New tool uncovers information in patient clinic notes to improve lung cancer screening for smokers and former smokers.

Key Takeaways

  • EHR tool scans both structured data and text-based clinic notes
  • Adding unstructured data finds more patients eligible for lung cancer screening
  • Black patients benefit with enhanced lung cancer screening eligibility assessment

A team of investigators at Vanderbilt University have developed a tool to mine EHR contents for details on smoking habits to help identify patients who might benefit from early lung-cancer screening.

The tool uses natural language processing (NLP), a form of artificial intelligence, to unearth smoking-related data tucked away in lengthy clinic notes. These clues will be combined with more structured, quantitative EHR data entered in designated fields, such as current smoking status, smoking volume or quit year.

The dual-pronged tactic proved successful in identifying patients eligible for lung cancer screening in a recent proof-of-concept study.

“This approach has the potential to streamline the identification of [lung cancer screening]-eligible patients and serve as a technological foundation for the future development of a clinical-decision-support tool,” the team said in an article in The International Journal of Medical Informatics.

Support for Screening

The new tool is the latest aimed at addressing dismal lung-cancer screening rates in the United States. Currently, less than 5 percent of at-risk adults receive the recommended CT scans to check for nodules. Among non-Hispanic Blacks, the rate drops to 1.7 percent.

A strategy to boost screening is to expand the eligibility pool. In 2021, the U.S. Preventive Services Task Force lowered from 30 to 20 the number of pack-years required to support a screening recommendation. Pack-years are used to measure potential impact on the smoker and is based on the period of time spent having approximately 20 smokes a day, the number in a typical cigarette pack. This move nearly doubled the number of adults eligible for the recommendation, the researchers noted. A major goal of the effort was to reduce health disparities among Black Americans.

Clinical decision support for lung cancer screening stands to be greatly improved, both overall and with special regard to health care equity for Black patients.

In developing their new EHR tool, the researchers had a similar aim.

“We wanted to increase the proportion of Black and young patients who meet screening guidelines, many of whom may not report smoking habits in patient portals or structured datasets,” said first author Siru Liu, Ph.D., an assistant professor of biomedical informatics at Vanderbilt. “For these patients, especially, it is important to integrate smoking data from clinical notes.”

Validating the Tool

Liu and colleagues tested their algorithm using three years of structured and unstructured data from the Vanderbilt EHR. They included 102,475 patients in the final dataset and more than 1.5 million clinic notes. Approximately 10 percent of the patients identified as Black or African American.

The researchers applied two other artificial intelligence models using structured data alone. This baseline strategy yielded 5,887 patients eligible for screening.

In contrast, the new hybrid approach yielded 10,231 eligible patients – almost doubling the number. By adding information from notes and other unstructured data, the model boosted the number of newly eligible Black patients.

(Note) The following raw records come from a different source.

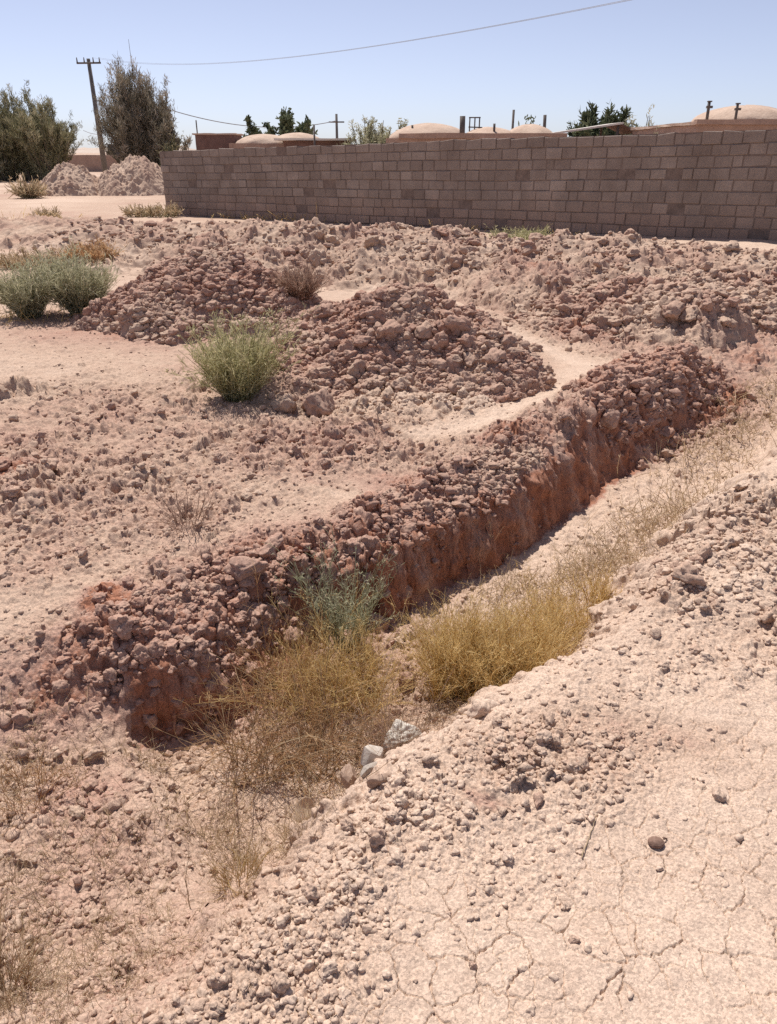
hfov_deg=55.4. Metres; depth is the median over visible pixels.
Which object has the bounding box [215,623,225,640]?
earth clod
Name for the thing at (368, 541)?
earth clod
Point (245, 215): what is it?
dry grass
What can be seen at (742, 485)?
earth clod
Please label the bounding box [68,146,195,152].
hills
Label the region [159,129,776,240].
block wall
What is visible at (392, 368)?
earth clod
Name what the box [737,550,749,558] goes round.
earth clod
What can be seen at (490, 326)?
earth clod
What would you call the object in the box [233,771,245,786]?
earth clod
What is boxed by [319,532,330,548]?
earth clod
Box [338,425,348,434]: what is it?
earth clod
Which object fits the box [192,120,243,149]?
hut
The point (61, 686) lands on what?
earth clod
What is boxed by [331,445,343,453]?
earth clod
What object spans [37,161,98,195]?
dirt heap
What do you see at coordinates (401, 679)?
earth clod
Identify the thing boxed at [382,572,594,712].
dry shrub
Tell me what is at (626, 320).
earth clod
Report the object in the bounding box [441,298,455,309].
earth clod
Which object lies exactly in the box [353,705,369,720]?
earth clod
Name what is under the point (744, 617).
clod pile
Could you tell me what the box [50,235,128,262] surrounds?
dry shrub
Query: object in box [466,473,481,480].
earth clod
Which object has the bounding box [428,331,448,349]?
earth clod
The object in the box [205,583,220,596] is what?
earth clod
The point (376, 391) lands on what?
earth clod
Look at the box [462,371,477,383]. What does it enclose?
earth clod
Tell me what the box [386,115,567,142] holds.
mud house
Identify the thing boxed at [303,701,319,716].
earth clod
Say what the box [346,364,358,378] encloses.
earth clod
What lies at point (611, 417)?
earth clod
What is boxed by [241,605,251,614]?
earth clod
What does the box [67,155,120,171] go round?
mud wall
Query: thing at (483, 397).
earth clod
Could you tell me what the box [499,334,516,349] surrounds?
earth clod
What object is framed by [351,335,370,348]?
earth clod
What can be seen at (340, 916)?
earth clod
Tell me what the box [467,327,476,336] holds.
earth clod
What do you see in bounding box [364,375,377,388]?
earth clod
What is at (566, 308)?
earth clod
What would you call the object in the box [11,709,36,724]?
earth clod
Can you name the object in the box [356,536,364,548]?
earth clod
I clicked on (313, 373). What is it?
earth clod
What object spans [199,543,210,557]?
earth clod
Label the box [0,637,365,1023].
dry grass
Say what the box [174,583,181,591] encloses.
earth clod
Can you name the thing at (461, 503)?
earth clod
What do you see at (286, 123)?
leafy tree
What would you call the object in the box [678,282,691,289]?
earth clod
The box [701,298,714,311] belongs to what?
earth clod
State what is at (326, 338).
earth clod
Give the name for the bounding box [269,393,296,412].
earth clod
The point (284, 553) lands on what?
earth clod
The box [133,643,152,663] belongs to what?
earth clod
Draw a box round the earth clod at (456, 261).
[449,254,465,267]
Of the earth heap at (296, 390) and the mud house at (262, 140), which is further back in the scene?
the mud house at (262, 140)
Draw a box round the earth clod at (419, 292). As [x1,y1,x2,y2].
[415,289,423,296]
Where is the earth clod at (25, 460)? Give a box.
[21,457,38,463]
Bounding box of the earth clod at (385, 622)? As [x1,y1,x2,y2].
[374,616,389,628]
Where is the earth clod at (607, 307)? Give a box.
[602,305,610,310]
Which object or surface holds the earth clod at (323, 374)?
on the earth heap at (296, 390)
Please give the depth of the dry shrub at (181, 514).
3.56 m
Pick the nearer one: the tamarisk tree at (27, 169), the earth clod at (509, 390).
the earth clod at (509, 390)
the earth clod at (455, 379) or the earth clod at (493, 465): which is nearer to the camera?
the earth clod at (493, 465)
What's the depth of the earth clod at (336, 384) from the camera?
5.57 m
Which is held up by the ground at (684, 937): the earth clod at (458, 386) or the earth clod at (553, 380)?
the earth clod at (553, 380)
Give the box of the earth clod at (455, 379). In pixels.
[448,376,465,395]
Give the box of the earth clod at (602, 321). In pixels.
[595,316,610,327]
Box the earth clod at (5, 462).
[0,456,11,472]
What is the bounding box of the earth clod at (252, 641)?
[246,636,262,650]
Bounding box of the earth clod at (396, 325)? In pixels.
[382,319,404,337]
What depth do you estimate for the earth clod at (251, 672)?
3.05 m
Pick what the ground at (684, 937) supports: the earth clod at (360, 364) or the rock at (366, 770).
the rock at (366, 770)
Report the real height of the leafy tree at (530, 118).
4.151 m
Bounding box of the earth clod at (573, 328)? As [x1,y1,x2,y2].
[564,325,580,333]
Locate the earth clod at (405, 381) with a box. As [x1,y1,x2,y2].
[396,376,410,387]
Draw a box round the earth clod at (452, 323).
[442,314,472,331]
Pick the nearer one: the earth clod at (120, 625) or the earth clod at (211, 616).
the earth clod at (120, 625)
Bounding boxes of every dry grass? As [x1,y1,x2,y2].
[0,205,617,325]
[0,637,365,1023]
[422,352,776,730]
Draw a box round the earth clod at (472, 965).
[469,961,476,970]
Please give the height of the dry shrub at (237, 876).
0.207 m
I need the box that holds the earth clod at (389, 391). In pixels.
[380,386,394,396]
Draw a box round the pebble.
[648,836,664,848]
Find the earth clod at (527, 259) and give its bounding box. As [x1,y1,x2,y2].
[518,255,533,262]
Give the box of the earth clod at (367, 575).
[361,572,371,583]
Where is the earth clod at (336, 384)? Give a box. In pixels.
[331,378,341,388]
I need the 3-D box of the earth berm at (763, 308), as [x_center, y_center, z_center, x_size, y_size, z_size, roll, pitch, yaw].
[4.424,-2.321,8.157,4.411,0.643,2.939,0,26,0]
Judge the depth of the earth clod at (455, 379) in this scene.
5.49 m
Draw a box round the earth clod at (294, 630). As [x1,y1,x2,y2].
[282,625,303,646]
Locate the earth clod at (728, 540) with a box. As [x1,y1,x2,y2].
[720,535,737,547]
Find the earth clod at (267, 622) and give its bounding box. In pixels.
[260,610,271,624]
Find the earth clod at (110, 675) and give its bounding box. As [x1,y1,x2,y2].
[103,668,116,684]
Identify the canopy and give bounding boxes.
[553,122,632,135]
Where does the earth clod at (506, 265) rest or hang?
on the earth berm at (723, 338)
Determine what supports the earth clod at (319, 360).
on the earth heap at (296, 390)
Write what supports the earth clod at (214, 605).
on the ground at (684, 937)
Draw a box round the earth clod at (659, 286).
[642,283,663,291]
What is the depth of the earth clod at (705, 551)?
3.17 m
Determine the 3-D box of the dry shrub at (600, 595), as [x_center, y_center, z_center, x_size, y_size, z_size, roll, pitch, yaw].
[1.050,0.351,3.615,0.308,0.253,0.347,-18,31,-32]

Using text written into the EHR related to smoking can play an important role in assessing eligibility for lung cancer screening, the researchers found.

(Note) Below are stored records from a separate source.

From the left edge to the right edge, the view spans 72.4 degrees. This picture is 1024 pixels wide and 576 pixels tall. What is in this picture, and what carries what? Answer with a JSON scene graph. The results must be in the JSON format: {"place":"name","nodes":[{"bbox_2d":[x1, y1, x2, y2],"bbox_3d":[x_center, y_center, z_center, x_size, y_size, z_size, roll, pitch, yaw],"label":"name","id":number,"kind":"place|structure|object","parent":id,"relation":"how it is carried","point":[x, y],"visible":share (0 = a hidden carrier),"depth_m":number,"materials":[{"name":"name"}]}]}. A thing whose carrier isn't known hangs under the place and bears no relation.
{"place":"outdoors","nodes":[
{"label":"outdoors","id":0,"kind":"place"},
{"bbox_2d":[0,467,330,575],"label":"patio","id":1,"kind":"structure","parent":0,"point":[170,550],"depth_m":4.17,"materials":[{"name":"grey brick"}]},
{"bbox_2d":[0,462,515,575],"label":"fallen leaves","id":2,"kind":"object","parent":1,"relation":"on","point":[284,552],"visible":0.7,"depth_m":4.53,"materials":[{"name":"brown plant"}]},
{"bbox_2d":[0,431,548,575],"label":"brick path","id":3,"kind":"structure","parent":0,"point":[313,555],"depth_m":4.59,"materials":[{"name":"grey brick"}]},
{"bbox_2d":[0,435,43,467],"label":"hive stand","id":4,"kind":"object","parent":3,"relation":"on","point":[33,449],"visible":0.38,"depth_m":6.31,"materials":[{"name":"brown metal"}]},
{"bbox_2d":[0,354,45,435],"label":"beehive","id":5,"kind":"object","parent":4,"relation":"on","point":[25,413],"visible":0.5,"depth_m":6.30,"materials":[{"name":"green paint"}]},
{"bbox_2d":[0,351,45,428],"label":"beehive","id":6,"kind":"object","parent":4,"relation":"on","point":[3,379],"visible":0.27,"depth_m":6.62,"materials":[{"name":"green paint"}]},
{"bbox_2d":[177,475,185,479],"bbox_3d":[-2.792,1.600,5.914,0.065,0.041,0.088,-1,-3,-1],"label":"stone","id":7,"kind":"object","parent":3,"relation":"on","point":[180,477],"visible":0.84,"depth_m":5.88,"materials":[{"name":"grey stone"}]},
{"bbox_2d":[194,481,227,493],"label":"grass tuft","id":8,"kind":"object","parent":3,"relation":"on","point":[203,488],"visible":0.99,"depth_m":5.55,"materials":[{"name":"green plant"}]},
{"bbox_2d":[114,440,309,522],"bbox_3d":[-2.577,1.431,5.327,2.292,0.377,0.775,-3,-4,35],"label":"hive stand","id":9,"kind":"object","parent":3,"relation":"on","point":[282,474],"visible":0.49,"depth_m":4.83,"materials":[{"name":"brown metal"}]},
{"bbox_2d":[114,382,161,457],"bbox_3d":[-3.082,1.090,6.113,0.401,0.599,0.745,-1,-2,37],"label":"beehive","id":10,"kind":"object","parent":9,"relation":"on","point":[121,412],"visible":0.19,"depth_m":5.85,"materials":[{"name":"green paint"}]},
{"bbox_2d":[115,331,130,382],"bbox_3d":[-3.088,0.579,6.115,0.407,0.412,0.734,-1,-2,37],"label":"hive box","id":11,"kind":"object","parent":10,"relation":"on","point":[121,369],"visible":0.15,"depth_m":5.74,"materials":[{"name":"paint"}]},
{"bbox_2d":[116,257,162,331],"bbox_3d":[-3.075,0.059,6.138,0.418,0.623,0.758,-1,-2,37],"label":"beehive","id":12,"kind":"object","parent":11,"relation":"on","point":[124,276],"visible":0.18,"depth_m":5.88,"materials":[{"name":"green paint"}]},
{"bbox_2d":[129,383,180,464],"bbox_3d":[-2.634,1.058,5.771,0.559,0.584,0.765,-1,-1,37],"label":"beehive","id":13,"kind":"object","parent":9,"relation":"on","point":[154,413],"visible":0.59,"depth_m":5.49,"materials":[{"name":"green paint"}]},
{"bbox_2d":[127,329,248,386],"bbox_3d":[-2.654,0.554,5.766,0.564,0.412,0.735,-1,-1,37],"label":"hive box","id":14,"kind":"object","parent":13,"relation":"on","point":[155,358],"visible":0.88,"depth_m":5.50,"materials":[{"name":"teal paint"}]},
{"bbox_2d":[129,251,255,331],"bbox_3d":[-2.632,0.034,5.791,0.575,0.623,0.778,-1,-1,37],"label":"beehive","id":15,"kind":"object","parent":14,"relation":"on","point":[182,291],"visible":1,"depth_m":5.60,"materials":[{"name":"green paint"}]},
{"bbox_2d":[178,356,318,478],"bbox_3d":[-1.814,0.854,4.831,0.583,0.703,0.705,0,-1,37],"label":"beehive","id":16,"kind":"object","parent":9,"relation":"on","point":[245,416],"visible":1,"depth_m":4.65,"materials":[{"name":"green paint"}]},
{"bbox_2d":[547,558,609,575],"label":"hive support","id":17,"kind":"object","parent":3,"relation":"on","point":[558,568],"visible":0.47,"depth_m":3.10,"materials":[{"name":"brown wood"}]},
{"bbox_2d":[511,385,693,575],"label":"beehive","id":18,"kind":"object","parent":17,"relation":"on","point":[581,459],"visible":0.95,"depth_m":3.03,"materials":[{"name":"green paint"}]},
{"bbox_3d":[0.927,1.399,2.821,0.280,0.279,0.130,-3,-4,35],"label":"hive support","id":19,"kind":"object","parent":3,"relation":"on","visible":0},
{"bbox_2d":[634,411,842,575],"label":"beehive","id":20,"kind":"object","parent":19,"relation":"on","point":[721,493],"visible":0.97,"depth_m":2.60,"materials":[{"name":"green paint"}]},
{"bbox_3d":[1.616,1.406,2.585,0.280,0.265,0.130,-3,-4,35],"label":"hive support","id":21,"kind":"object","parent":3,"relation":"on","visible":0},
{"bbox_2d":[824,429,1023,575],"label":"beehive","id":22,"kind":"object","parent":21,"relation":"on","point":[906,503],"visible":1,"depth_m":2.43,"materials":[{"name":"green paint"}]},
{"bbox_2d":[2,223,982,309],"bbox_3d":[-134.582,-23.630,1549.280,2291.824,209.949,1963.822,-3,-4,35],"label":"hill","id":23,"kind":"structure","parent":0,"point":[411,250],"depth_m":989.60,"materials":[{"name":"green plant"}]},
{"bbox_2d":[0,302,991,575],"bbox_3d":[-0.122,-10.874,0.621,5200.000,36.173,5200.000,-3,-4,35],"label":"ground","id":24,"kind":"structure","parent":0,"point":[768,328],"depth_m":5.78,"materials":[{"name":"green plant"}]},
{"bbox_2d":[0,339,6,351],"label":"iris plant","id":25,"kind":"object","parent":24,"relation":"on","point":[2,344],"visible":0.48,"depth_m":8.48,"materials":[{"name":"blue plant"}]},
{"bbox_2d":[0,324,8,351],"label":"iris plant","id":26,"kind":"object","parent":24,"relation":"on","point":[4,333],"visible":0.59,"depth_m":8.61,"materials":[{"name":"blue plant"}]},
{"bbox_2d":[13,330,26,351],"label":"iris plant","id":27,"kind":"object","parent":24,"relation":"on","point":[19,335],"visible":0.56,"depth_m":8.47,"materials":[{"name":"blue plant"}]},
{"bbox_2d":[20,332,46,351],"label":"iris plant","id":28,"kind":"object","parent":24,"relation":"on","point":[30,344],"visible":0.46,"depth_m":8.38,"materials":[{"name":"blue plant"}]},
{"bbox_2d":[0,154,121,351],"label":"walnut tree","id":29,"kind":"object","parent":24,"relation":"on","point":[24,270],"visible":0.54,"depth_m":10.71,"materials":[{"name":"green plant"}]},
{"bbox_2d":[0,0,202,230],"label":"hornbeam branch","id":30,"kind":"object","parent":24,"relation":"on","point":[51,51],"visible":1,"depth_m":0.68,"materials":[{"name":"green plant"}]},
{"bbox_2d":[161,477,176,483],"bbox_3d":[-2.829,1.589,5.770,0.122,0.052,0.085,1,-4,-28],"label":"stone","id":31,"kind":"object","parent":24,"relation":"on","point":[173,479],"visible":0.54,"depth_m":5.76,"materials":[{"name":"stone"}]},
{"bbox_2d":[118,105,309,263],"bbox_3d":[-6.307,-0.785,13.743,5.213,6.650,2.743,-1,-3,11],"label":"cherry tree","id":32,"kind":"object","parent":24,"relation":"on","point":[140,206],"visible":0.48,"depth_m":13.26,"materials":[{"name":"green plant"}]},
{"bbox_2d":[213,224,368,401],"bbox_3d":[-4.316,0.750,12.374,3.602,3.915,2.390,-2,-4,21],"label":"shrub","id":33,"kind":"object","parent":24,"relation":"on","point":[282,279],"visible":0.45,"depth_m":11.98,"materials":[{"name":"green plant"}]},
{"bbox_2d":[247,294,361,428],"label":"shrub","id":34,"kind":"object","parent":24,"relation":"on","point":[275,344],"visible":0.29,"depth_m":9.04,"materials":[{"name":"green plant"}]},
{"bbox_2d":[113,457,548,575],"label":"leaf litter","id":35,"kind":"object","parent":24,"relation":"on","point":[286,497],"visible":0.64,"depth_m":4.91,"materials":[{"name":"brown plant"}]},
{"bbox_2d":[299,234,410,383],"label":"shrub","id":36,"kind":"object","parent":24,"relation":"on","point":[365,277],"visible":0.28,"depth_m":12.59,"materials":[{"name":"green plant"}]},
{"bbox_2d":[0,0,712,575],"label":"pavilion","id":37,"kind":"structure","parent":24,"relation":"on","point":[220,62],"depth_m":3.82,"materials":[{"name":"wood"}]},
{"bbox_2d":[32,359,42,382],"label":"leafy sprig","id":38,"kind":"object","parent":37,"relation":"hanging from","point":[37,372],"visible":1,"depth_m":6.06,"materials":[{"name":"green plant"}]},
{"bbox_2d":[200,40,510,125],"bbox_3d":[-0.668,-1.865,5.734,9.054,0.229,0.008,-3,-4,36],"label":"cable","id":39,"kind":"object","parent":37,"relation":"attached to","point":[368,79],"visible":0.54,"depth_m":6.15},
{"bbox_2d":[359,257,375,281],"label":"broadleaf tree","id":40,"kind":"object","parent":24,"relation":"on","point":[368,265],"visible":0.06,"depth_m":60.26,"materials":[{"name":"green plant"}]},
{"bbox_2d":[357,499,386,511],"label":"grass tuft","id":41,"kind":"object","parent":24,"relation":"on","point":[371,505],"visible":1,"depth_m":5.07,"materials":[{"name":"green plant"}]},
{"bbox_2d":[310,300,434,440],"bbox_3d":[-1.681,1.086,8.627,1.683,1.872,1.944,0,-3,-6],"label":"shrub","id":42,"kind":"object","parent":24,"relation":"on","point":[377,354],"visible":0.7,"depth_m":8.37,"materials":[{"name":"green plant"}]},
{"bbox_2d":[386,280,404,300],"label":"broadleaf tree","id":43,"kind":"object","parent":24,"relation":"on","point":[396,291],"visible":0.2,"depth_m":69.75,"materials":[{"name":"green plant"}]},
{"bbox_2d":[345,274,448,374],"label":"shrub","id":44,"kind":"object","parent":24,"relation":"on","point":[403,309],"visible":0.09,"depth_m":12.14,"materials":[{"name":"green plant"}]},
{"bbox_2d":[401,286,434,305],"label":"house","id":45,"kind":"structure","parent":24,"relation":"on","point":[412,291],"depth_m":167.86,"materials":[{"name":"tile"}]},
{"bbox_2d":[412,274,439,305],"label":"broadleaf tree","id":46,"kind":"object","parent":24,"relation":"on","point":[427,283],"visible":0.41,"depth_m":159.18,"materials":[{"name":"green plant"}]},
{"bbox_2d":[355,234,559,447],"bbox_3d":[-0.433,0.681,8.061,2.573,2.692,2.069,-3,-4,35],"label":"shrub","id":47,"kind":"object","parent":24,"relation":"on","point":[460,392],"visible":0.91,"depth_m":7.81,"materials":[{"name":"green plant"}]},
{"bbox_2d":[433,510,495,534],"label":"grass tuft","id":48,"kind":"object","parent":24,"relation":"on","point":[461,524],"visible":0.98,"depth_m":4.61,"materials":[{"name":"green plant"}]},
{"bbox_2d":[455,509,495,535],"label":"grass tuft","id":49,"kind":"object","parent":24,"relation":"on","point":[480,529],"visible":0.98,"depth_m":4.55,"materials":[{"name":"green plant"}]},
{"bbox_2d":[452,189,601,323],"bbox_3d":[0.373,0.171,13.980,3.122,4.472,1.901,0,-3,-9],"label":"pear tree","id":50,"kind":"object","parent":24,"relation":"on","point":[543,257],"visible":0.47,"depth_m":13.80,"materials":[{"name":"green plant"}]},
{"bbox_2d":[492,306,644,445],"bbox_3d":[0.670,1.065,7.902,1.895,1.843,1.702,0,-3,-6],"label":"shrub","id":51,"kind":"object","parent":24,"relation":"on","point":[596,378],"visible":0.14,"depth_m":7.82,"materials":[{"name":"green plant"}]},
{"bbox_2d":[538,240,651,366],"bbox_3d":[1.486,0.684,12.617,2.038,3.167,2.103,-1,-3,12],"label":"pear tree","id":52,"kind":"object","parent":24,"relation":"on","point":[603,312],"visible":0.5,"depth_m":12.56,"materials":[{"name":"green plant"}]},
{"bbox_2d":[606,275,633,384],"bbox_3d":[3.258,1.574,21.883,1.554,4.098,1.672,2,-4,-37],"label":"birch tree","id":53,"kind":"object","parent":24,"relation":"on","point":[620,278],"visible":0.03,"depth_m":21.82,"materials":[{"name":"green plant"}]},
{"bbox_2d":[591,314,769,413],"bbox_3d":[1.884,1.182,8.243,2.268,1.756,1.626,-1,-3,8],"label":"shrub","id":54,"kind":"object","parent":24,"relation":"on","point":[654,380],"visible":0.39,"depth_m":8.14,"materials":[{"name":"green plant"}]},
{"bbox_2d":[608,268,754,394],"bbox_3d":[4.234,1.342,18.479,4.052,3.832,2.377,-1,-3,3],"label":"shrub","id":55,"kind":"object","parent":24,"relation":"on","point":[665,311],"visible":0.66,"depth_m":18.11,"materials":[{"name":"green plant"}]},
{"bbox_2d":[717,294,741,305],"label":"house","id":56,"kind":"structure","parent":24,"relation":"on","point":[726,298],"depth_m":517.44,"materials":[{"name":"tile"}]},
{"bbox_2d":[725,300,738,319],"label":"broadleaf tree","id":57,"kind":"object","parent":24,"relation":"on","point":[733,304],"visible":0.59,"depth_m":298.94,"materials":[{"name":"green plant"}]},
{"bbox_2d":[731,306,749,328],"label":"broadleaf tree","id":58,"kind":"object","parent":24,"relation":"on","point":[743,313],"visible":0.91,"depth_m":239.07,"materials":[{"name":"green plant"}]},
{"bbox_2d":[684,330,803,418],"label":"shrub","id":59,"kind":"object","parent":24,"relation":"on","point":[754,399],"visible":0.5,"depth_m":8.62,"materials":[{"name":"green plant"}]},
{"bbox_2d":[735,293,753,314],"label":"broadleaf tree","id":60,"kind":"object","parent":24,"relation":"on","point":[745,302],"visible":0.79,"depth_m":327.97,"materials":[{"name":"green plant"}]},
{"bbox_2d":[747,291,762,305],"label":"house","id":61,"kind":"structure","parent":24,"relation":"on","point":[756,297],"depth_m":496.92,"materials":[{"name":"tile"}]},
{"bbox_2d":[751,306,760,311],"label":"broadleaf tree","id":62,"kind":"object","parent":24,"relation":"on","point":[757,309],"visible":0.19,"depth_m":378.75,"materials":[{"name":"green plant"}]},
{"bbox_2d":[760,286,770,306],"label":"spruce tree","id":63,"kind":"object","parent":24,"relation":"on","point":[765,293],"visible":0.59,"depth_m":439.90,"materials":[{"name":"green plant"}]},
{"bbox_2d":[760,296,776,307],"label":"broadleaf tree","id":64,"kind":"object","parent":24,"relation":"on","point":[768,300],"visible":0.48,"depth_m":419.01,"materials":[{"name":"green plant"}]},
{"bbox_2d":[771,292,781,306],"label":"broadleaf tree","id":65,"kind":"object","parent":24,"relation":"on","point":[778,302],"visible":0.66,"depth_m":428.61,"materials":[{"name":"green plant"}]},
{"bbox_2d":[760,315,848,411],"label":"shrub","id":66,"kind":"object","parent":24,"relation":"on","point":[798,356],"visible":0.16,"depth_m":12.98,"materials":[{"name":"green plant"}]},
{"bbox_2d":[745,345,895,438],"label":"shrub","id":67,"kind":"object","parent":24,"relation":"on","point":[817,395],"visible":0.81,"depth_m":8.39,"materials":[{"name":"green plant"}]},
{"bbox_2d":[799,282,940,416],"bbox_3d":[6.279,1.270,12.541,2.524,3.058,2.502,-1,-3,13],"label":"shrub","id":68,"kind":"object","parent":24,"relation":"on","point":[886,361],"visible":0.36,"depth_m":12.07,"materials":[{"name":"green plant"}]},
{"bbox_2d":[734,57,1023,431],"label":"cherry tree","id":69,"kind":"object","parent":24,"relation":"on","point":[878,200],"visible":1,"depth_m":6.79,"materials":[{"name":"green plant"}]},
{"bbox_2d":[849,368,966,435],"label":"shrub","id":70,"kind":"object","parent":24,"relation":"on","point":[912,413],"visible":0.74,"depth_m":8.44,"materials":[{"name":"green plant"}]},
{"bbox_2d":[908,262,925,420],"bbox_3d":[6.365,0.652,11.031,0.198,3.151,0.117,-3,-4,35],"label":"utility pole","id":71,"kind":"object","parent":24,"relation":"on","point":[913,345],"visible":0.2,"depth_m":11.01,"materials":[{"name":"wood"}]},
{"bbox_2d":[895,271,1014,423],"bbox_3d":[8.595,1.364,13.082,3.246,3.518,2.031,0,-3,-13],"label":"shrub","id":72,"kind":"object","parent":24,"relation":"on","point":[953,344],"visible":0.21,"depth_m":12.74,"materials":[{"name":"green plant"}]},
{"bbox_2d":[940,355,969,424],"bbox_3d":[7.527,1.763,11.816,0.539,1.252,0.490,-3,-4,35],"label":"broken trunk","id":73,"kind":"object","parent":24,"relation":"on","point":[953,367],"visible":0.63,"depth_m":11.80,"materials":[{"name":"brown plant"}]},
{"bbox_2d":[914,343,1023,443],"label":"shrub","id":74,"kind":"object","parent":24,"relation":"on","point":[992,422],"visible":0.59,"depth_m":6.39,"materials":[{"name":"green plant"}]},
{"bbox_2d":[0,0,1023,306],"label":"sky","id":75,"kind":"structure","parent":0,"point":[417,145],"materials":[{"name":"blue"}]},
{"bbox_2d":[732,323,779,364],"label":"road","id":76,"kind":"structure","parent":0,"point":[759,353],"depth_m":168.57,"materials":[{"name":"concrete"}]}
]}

“Compared with the baseline approach, our NLP-based approach identified 119 percent more Black/African Americans who meet screening guidelines,” they wrote.

Putting it Into Practice

Leveraging NLP to extract relevant information from clinic notes could save time for providers. The approach is gaining traction in efforts to identify high-risk patients across specialties.

The researchers are hopeful that as NLP-based tools evolve, they might be optimized to run in real-time within the EHR, converting unstructured data to structured data that can be more quickly assessed. The goal, Liu says, is to ensure no at-risk patients fall through the cracks.

“Our results show that electronic clinical decision support for lung cancer screening stands to be greatly improved, both overall and with special regard to health care equity for Black patients,” Liu told VUMC News.

About the Expert

Siru Liu, Ph.D.

Siru Liu, Ph.D., is an assistant professor in the Department of Biomedical Informatics at Vanderbilt University Medical Center and the Department of Computer Science at Vanderbilt University. Her research focuses on the optimization of EHR features and functions, with a particular interest in clinical decision support.